Records contained in a dataset:
---
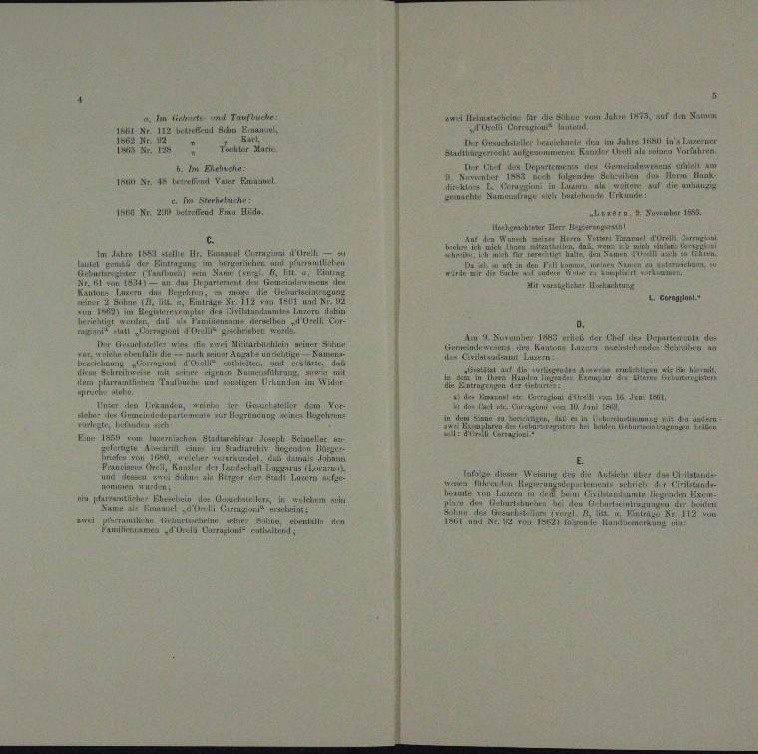
wel Heimatschen für die Sachen vom Jahr 1873 auf den Datum
m
  Jahr 10 in Lur
Ihr Gesuchesteller auchte
 Vuh

Argerre
awahl am
Ir d
 u traten Schulden das hierm Hunk
 Ain anzung
.
1BB Nr. 220 untreffend Emu Hude,
ALBRETn, 4. November 1889.
A I
.
Steller Hr. Er
Im Jahre
dienten und er

u
n
n

M Vater Hochachtung
die G
anten der
e
urteilu
L Caragran
n
u
.

 r t d.

tt trat in einen eben
AAL 1883 erhin der Chef des
Urzustelle wir in zwei Militarthin einer Schr
aeten einen eine
in Kautung die
feiniger
e
n
.
u
n

n

wohnh

er den Grund, wenn der Gester de
oten der

.
een, die

Lur les von luzernischen Stallarchivar Joseph Schurlar

E

menen
u
.
niu parramtliche Ehelin der Dechalles
Schnen au
Damals Eman
arha
Train
 allen

a. Im Sicherte und Taufbuche
I Nr 112 betrefernel dem Emanuel
u

b. Im Ehehrche.
H Dr. Abend Vater Emanuel
 Im Sternstuch

n
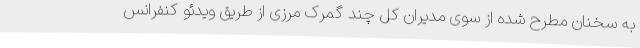
به سخنان مطرح شده از سوی مدیران کل چند گمرک مرزی از طریق ویدئو کنفرانس
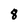
Character: 8
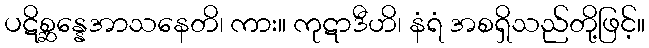
ပဋိစ္ဆန္နေအာသနေတိ၊ ကား။ ကုဋာဒီဟိ၊ နံရံ အစရှိသည်တို့ဖြင့်။
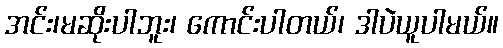
အင်း၊မဆိုးပါဘူး၊ ကောင်းပါတယ်၊ ဒါပဲယူပါမယ်။
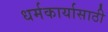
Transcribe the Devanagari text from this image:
धर्मकार्यासाठी
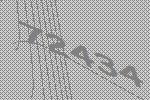
72434
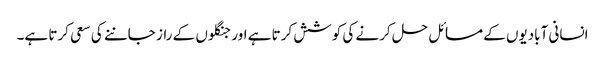
انسانی آبادیوں کے مسائل حل کرنے کی کوشش کرتا ہے اور جنگلوں کے راز جاننے کی سعی کرتا ہے۔
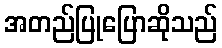
အတည်ပြုပြောဆိုသည်
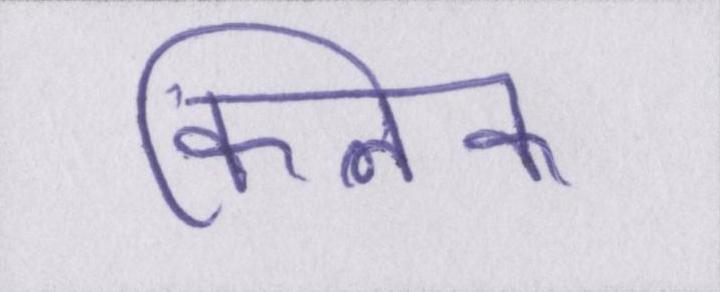
क्लिक
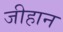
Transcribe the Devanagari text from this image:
जीहान
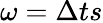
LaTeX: \omega=\Delta ts
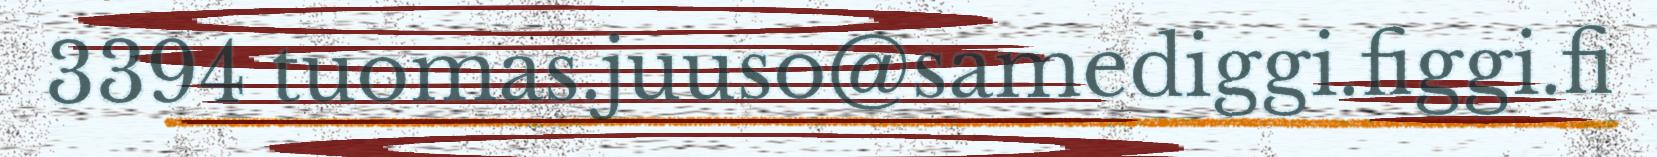
3394 tuomas.juuso@samediggi.figgi.fi
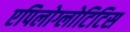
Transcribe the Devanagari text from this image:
एपिलोग्लोटिटिस
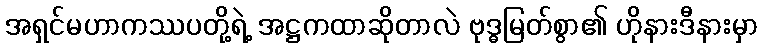
အရှင်မဟာကဿပတို့ရဲ့ အဋ္ဌကထာဆိုတာလဲ ဗုဒ္ဓမြတ်စွာ၏ ဟိုနားဒီနားမှာ
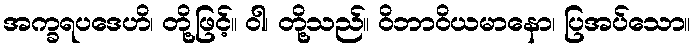
အက္ခရပဒေဟိ၊ တို့ဖြင့်။ ဝါ၊ တို့သည်။ ဝိဘာဝိယမာနော၊ ပြအပ်သော။
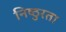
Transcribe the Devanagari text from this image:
निष्‍ठुरता
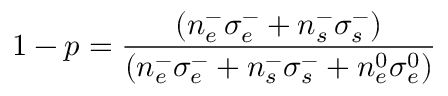
1 - p = \frac { \left( n _ { e } ^ { - } \sigma _ { e } ^ { - } + n _ { s } ^ { - } \sigma _ { s } ^ { - } \right) } { \left( n _ { e } ^ { - } \sigma _ { e } ^ { - } + n _ { s } ^ { - } \sigma _ { s } ^ { - } + n _ { e } ^ { 0 } \sigma _ { e } ^ { 0 } \right) }
---
= TASK STATEMENT =
Give back all entries exactly. No pictures belong in the copy.

= OUTPUT FOR THIS TASK =
wel Heimatschen für die Sachen vom Jahr 1873 auf den Datum
m
  Jahr 10 in Lur
Ihr Gesuchesteller auchte
 Vuh

Argerre
awahl am
Ir d
 u traten Schulden das hierm Hunk
 Ain anzung
.
1BB Nr. 220 untreffend Emu Hude,
ALBRETn, 4. November 1889.
A I
.
Steller Hr. Er
Im Jahre
dienten und er

u
n
n

M Vater Hochachtung
die G
anten der
e
urteilu
L Caragran
n
u
.

 r t d.

tt trat in einen eben
AAL 1883 erhin der Chef des
Urzustelle wir in zwei Militarthin einer Schr
aeten einen eine
in Kautung die
feiniger
e
n
.
u
n

n

wohnh

er den Grund, wenn der Gester de
oten der

.
een, die

Lur les von luzernischen Stallarchivar Joseph Schurlar

E

menen
u
.
niu parramtliche Ehelin der Dechalles
Schnen au
Damals Eman
arha
Train
 allen

a. Im Sicherte und Taufbuche
I Nr 112 betrefernel dem Emanuel
u

b. Im Ehehrche.
H Dr. Abend Vater Emanuel
 Im Sternstuch

n
به سخنان مطرح شده از سوی مدیران کل چند گمرک مرزی از طریق ویدئو کنفرانس
Character: 8
ပဋိစ္ဆန္နေအာသနေတိ၊ ကား။ ကုဋာဒီဟိ၊ နံရံ အစရှိသည်တို့ဖြင့်။
အင်း၊မဆိုးပါဘူး၊ ကောင်းပါတယ်၊ ဒါပဲယူပါမယ်။
Transcribe the Devanagari text from this image:
धर्मकार्यासाठी
72434
انسانی آبادیوں کے مسائل حل کرنے کی کوشش کرتا ہے اور جنگلوں کے راز جاننے کی سعی کرتا ہے۔
အတည်ပြုပြောဆိုသည်
क्लिक
Transcribe the Devanagari text from this image:
जीहान
LaTeX: \omega=\Delta ts
3394 tuomas.juuso@samediggi.figgi.fi
Transcribe the Devanagari text from this image:
एपिलोग्लोटिटिस
အရှင်မဟာကဿပတို့ရဲ့ အဋ္ဌကထာဆိုတာလဲ ဗုဒ္ဓမြတ်စွာ၏ ဟိုနားဒီနားမှာ
အက္ခရပဒေဟိ၊ တို့ဖြင့်။ ဝါ၊ တို့သည်။ ဝိဘာဝိယမာနော၊ ပြအပ်သော။
Transcribe the Devanagari text from this image:
निष्‍ठुरता
1 - p = \frac { \left( n _ { e } ^ { - } \sigma _ { e } ^ { - } + n _ { s } ^ { - } \sigma _ { s } ^ { - } \right) } { \left( n _ { e } ^ { - } \sigma _ { e } ^ { - } + n _ { s } ^ { - } \sigma _ { s } ^ { - } + n _ { e } ^ { 0 } \sigma _ { e } ^ { 0 } \right) }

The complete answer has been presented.